Facendo qualche passo indietro, le strutture sono state costruite con risorse italiane e verranno gestite dall’Italia, ma l’Albania avrà invece il compito della vigilanza, del controllo e dell’eventuale arresto. Fin dall’inizio di questo raccapricciante progetto, da più parti esperti avevano fatto notare che le basi giuridiche su cui fondava rischiavano di violare le sovraordinate norme europee e in particolare il divieto di respingimenti collettivi. Ricordiamo inoltre che nei mesi scorsi già il Tribunale di Palermo e quello di Catania avevano avuto modo di sottolineare come la cosiddetta direttiva UE “accoglienza” prevede il trattenimento per i richiedenti asilo solo quale extrema ratio – mentre nel caso dell’Albania diventa la norma – e che in ogni caso vadano rispettati gli irrinunciabili principi di necessità e proporzionalità.

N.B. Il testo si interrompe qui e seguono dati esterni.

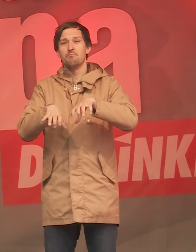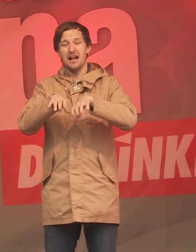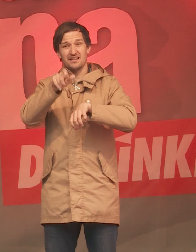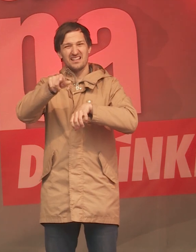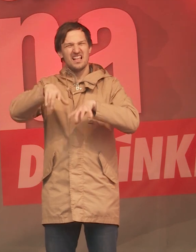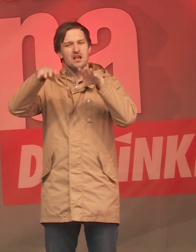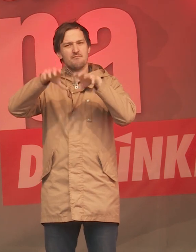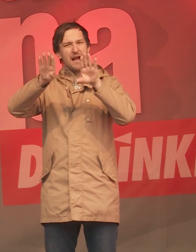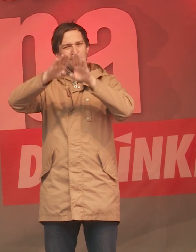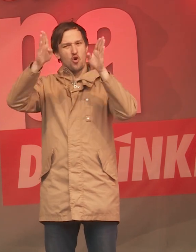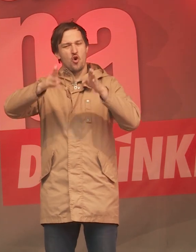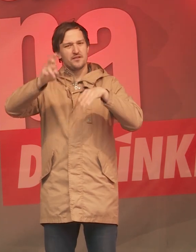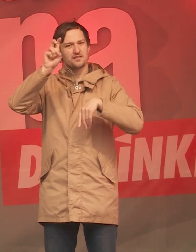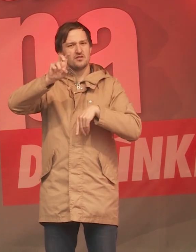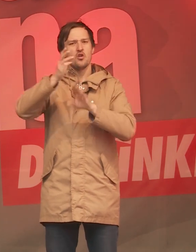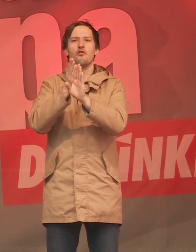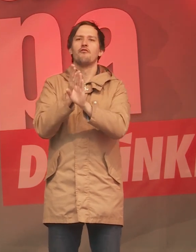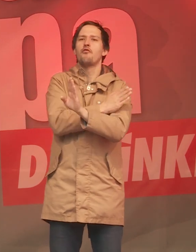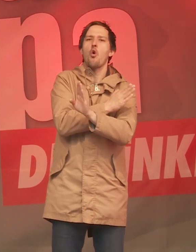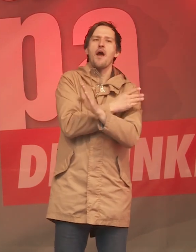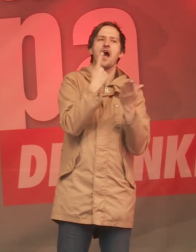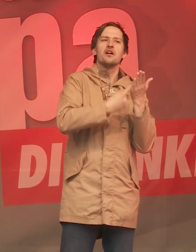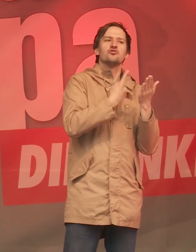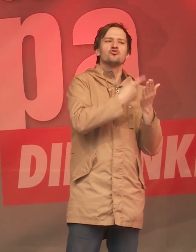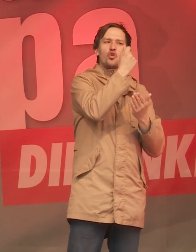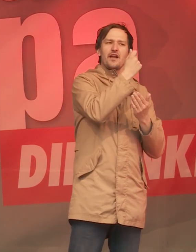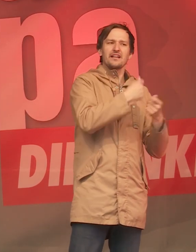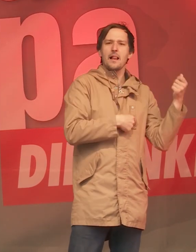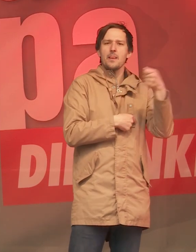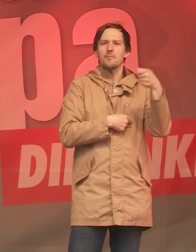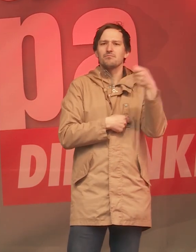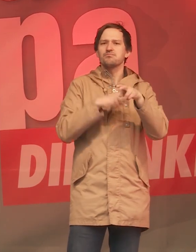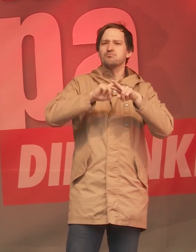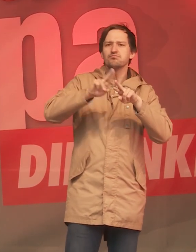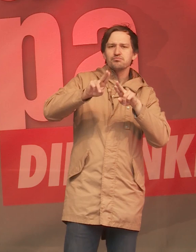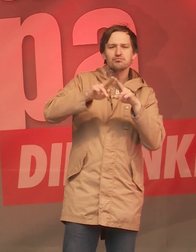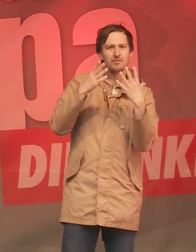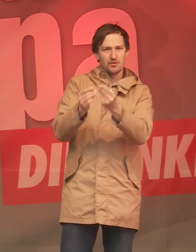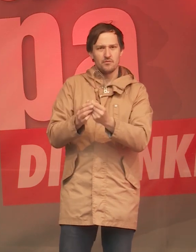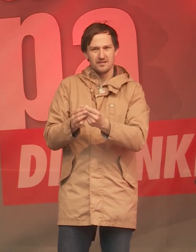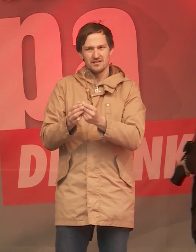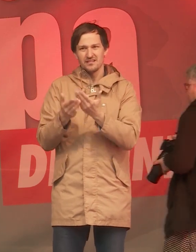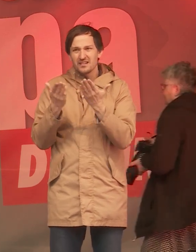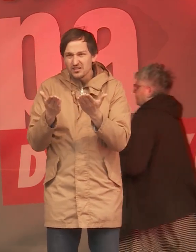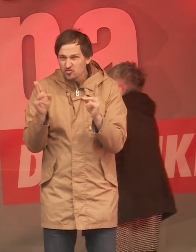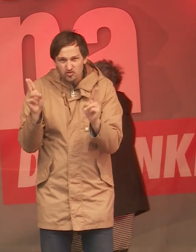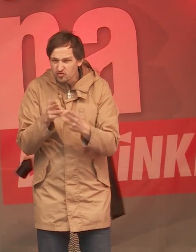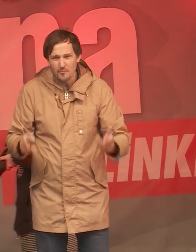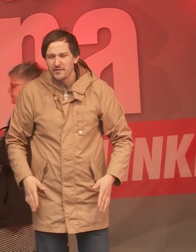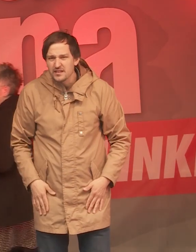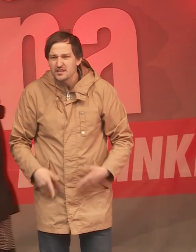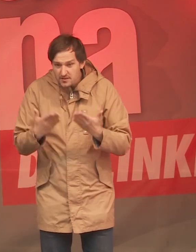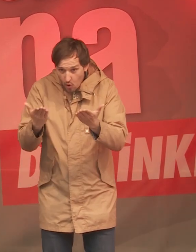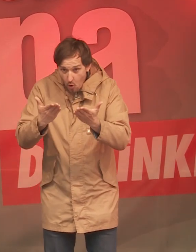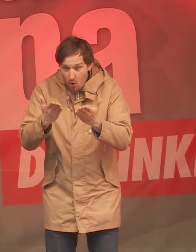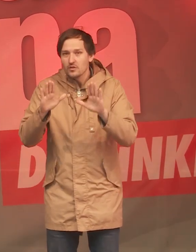Bankhäusern sitzen, die vorher auch schon mit Steuergeldern saniert worden sind. Ja, das stimmt doch was nicht. Das stimmt doch

Il Governo è ben consapevole di quanto scricchioli il “progetto innovativo” di cui si vanta: ce lo dimostra lo stesso viaggio così piccolo – appena 16 persone a dispetto dei costi enormi sostenuti – che assomiglia molto a un tentativo di dimostrare all’opinione pubblica che il Protocollo stava assumendo la forma promessa. Il decreto legge sui Paesi sicuri diventa così l’ultimo tentativo di avvalorare le tesi finora sostenute, salvo poi, nel caso di insuccesso, appellarsi ai complotti politici della magistratura.

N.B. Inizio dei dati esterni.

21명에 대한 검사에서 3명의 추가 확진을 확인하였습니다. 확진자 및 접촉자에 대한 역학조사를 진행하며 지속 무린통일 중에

Le condizioni del nostro Paese sono chiare se proviamo a leggere il rapporto pubblicato dalla Commissione europea contro il razzismo e l’intolleranza (ECRI) del Consiglio d’Europa, che non è stato certamente scritto negli ultimi giorni ma che ne descrive a pieno il clima. Razzismo delle istituzioni e, in particolare delle forze dell’ordine, condizioni di vita disumane dei migranti irregolari, attacchi ingiustificati dei politici alle organizzazioni che si occupano dei migranti e nei confronti dei giudici che decidono di casi legati all’immigrazione, dibattito pubblico xenofobo e omofobo.

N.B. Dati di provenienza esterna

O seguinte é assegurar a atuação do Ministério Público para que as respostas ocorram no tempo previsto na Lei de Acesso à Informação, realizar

Il progetto innovativo di cui parliamo, che ha ricevuto anche le lodi della Presidente della Commissione Europea Ursula Von der Leyen come possibile modello per la gestione dei flussi migratori, non è altro che una deportazione in piena regola, in barba a qualsiasi diritto umano e a quei principi che dovrebbero essere universalmente riconosciuti ma che la nostra società sembra aver completamente rimosso. Ce lo dimostra l’indifferenza globale verso le morti di Gaza, verso guerre sanguinose e genocide, verso chi non corrisponde a un funzionante ingranaggio del grande meccanismo capitalistico in cui siamo immersi. Se non sei in grado di produrre, la tua vita vale nulla.